Anders sieht es aus, wenn wir mit anderen Cliquen, rechtsorientierten Gruppen von Jugendlichen, in Berührung kommen. Manche von ihnen suchen bewusst die Auseinandersetzung mit uns und wollen Schlägereien anfangen. Wir Mädchen versuchen dann immer unsere Jungs zurückzuhalten und uns nicht provozieren zu lassen. Einige von uns und auch ich gehen manchmal zu Gesprächen in den Kirchenladen unseres Wohngebietes. Dort treffen sich "Einheimische" und Jugendliche aus Aussiedlerfamilien. Wir diskutieren auch darüber, wie Gewaltbereitschaft und Gewalt abgebaut und wie mehr gegenseitiges Verstehen und Toleranz aufgebaut werden könnten. Ich hasse Gewalt und finde es schändlich, wenn große Schüler mit Gewalt gegen schwächere vorgehen, sie schlagen und ihnen Zigaretten oder andere Dinge wegnehmen. Vielleicht trägt meine starke Abneigung gegen Gewalt auch dazu bei, dass ich mal Kriminalistik studieren und bei der Polizei arbeiten möchte.

Neulich hat mich jemand gefragt: "Was meinst du, bist du in deinem Verständnis mehr Russin oder mehr Deutsche?" Ich stutzte erst eine Weile, bis ich antworten konnte. So hatte ich mir die Frage noch nicht gestellt. Was bin ich? Nun, von der Staatsbürgerschaft her bin ich Deutsche. Das ist keine Frage, das steht im Ausweis.
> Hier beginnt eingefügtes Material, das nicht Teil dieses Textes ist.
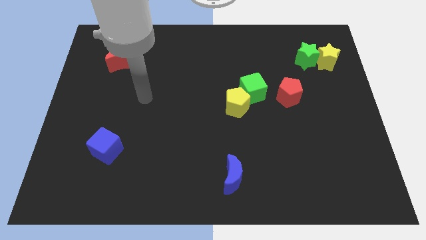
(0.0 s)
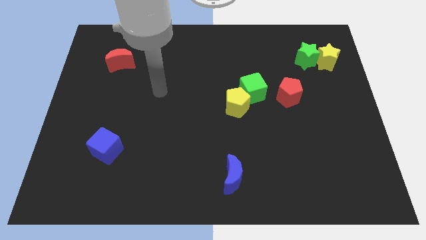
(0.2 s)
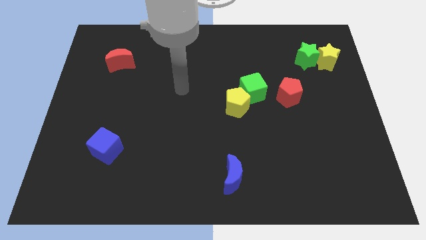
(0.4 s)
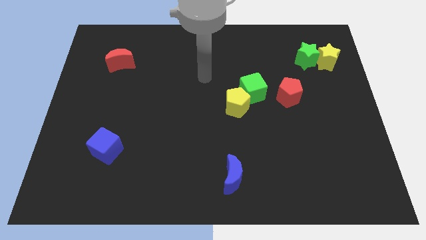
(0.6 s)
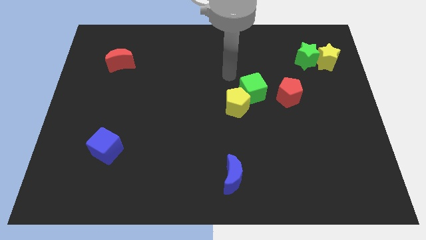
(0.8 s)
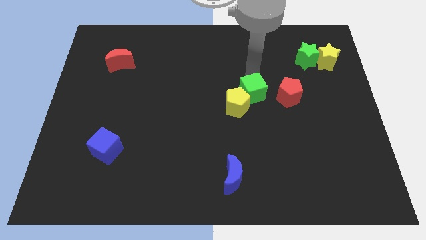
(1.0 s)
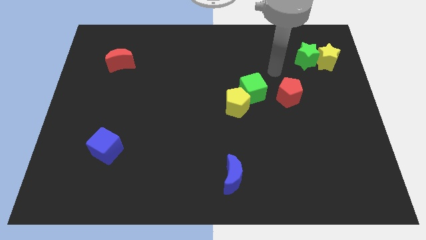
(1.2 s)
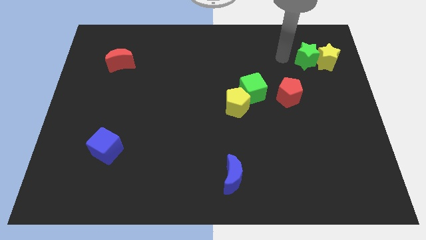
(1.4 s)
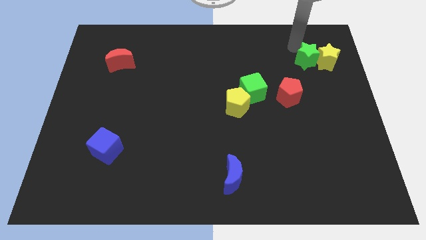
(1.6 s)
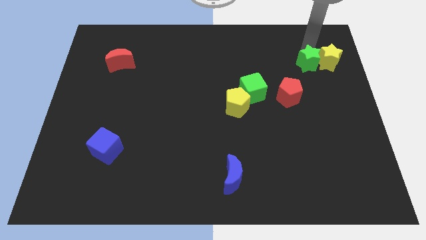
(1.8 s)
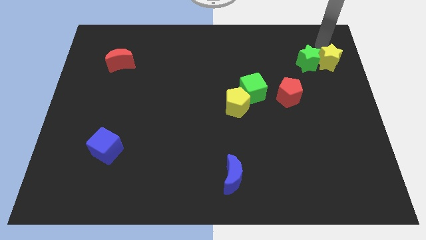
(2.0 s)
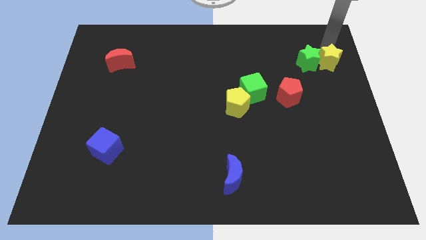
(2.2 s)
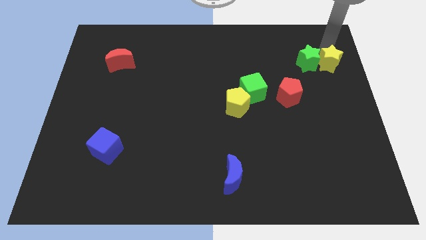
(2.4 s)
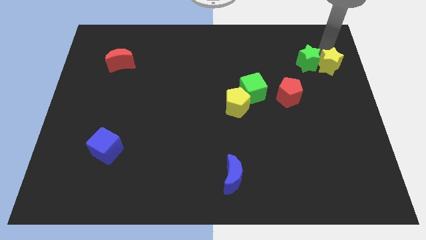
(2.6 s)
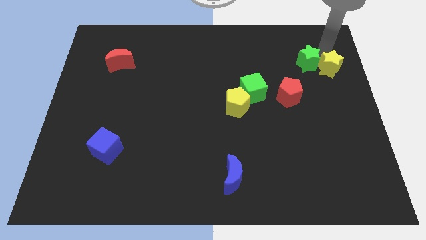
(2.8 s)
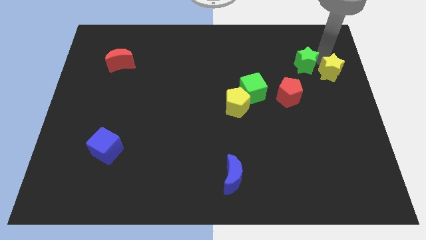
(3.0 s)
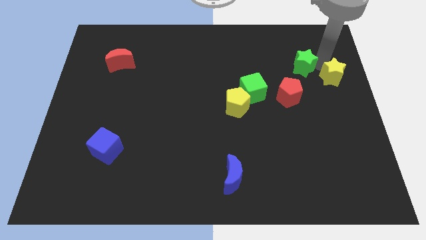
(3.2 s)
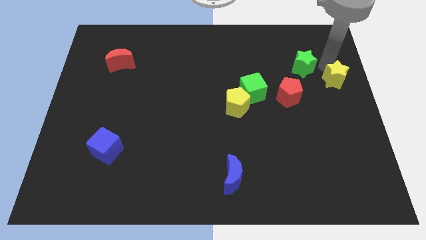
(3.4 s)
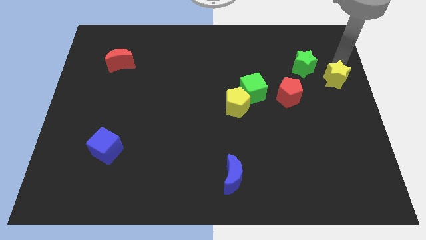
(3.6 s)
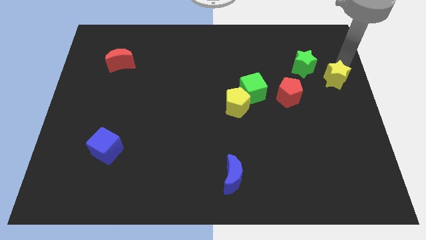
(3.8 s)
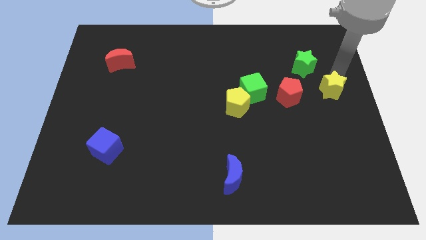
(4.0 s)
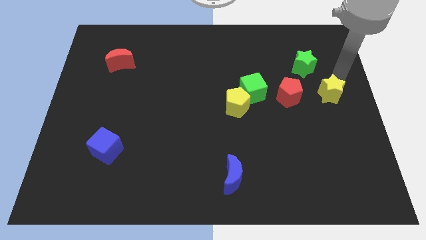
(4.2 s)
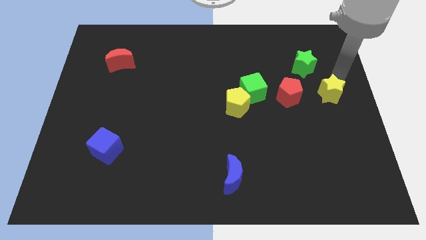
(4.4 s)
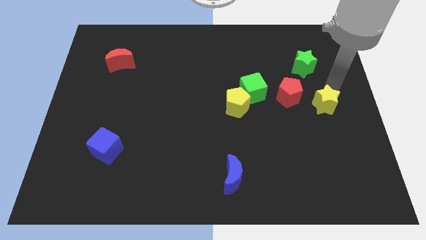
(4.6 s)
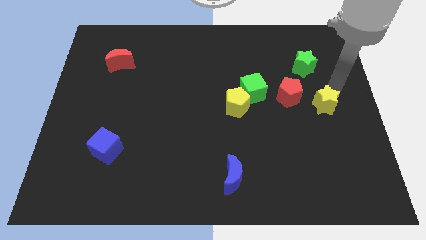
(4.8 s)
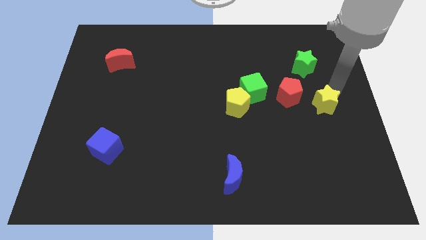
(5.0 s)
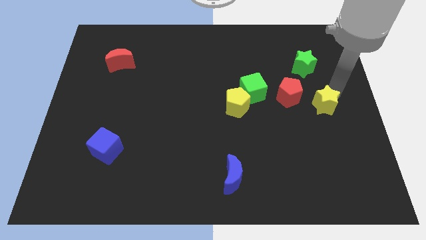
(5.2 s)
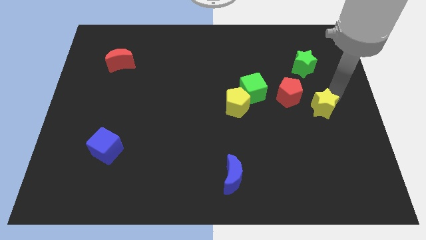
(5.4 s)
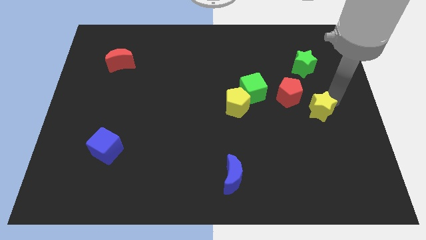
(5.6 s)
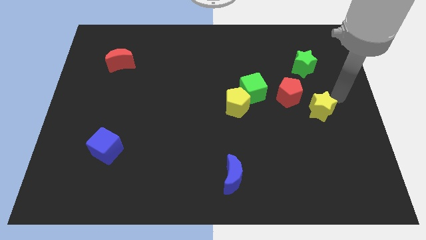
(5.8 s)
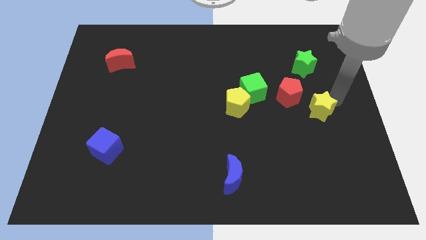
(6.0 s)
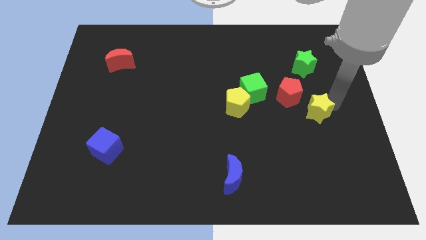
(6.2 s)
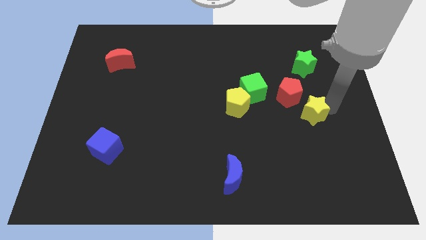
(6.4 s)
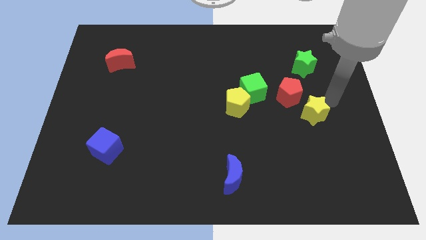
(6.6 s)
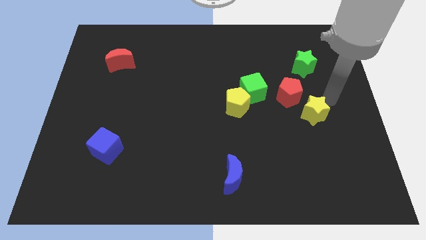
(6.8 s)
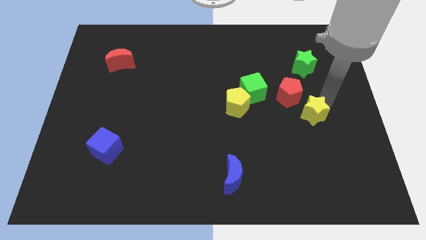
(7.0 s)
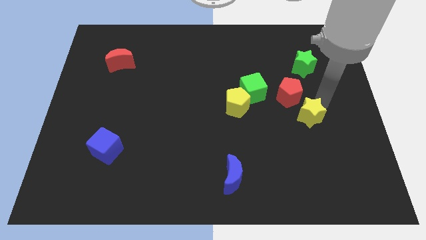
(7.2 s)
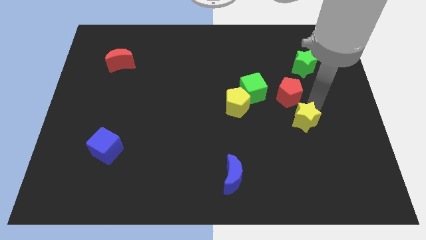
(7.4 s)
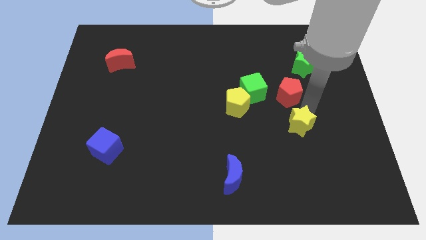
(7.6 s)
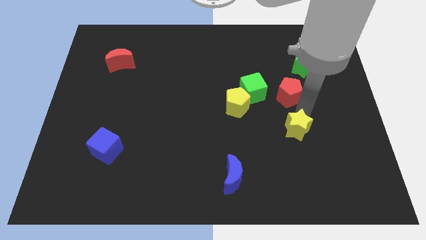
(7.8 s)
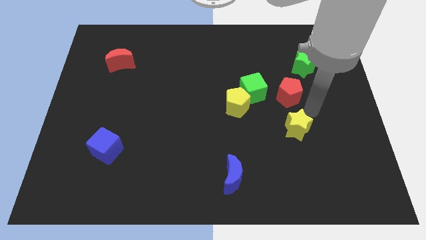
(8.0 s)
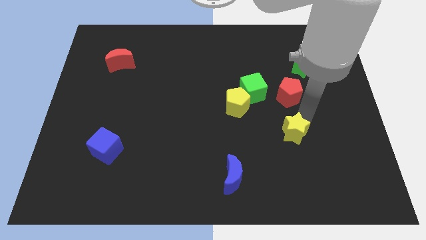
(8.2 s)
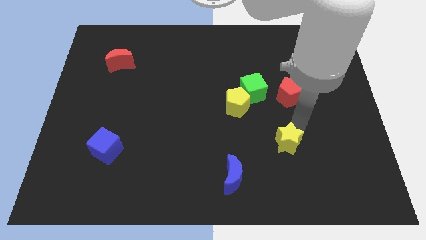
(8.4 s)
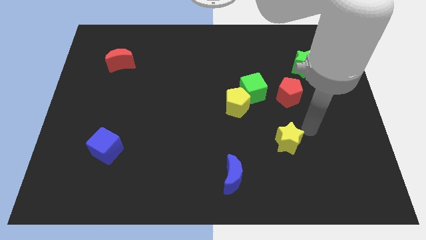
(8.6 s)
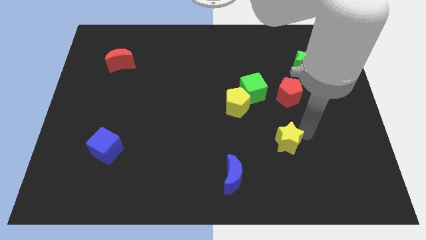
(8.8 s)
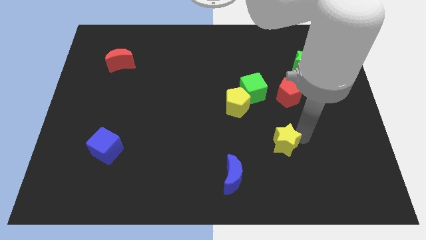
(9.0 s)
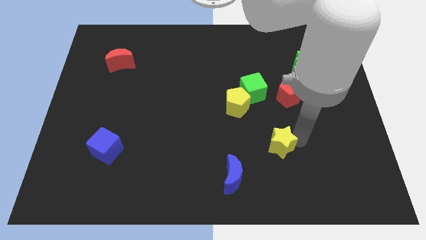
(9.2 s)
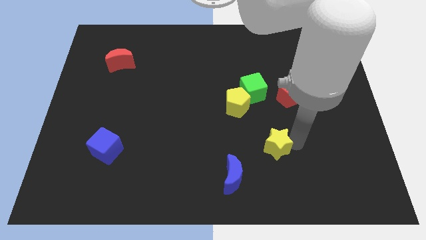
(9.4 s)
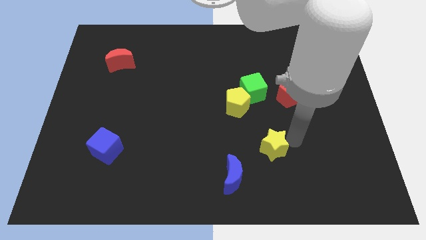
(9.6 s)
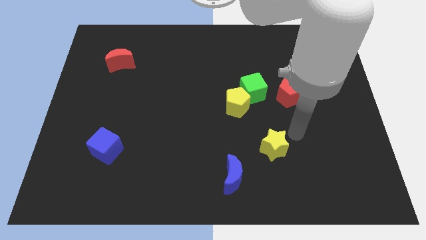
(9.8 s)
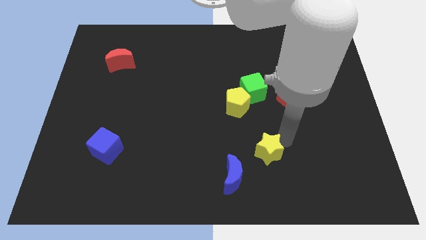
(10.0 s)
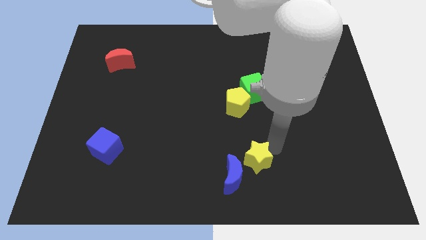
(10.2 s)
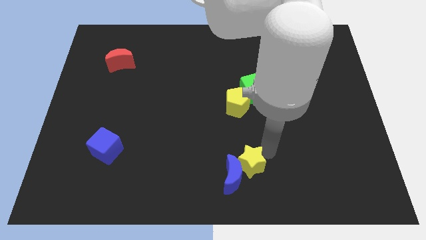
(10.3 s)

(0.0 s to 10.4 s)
put the yellow star towards the blue moon

Vom Gefühl bin ich wohl beides, Russin und Deutsche. Ich sehe darin keinen Widerspruch. Ich wurde in Kasachstan geboren und habe dort meine ersten elf Lebensjahre verbracht. Unser Einfamilienhaus, die Erinnerungen an meine Spielgefährten, die Ferien bei meinen Großeltern. Russisch ist meine Muttersprache im wörtlichen Sinne des Wortes, denn meine Mutter ist von Geburt Russin. Wir haben Verwandte in Russland, die wir sicher mal besuchen werden. All das ist da und nicht wegzuwischen, von dieser Seite bin ich russisch geprägt.

Und jetzt lebe ich in Berlin, in Deutschland. Ich spreche neben Russisch auch Deutsch, gehe zur Schule, habe "einheimische" Freunde, werde sicherlich einmal studieren und hier eine Familie haben. Also bin ich auch Deutsche. Ich weiß nicht, warum manche Leute Dinge so kompliziert machen und dort irgendwelche Widersprüche sehen wollen, die ich nicht empfinde. Ob ich mal in zehn oder 20 Jahren die Frage genau so oder anders als jetzt beantworten werde, weiß ich nicht.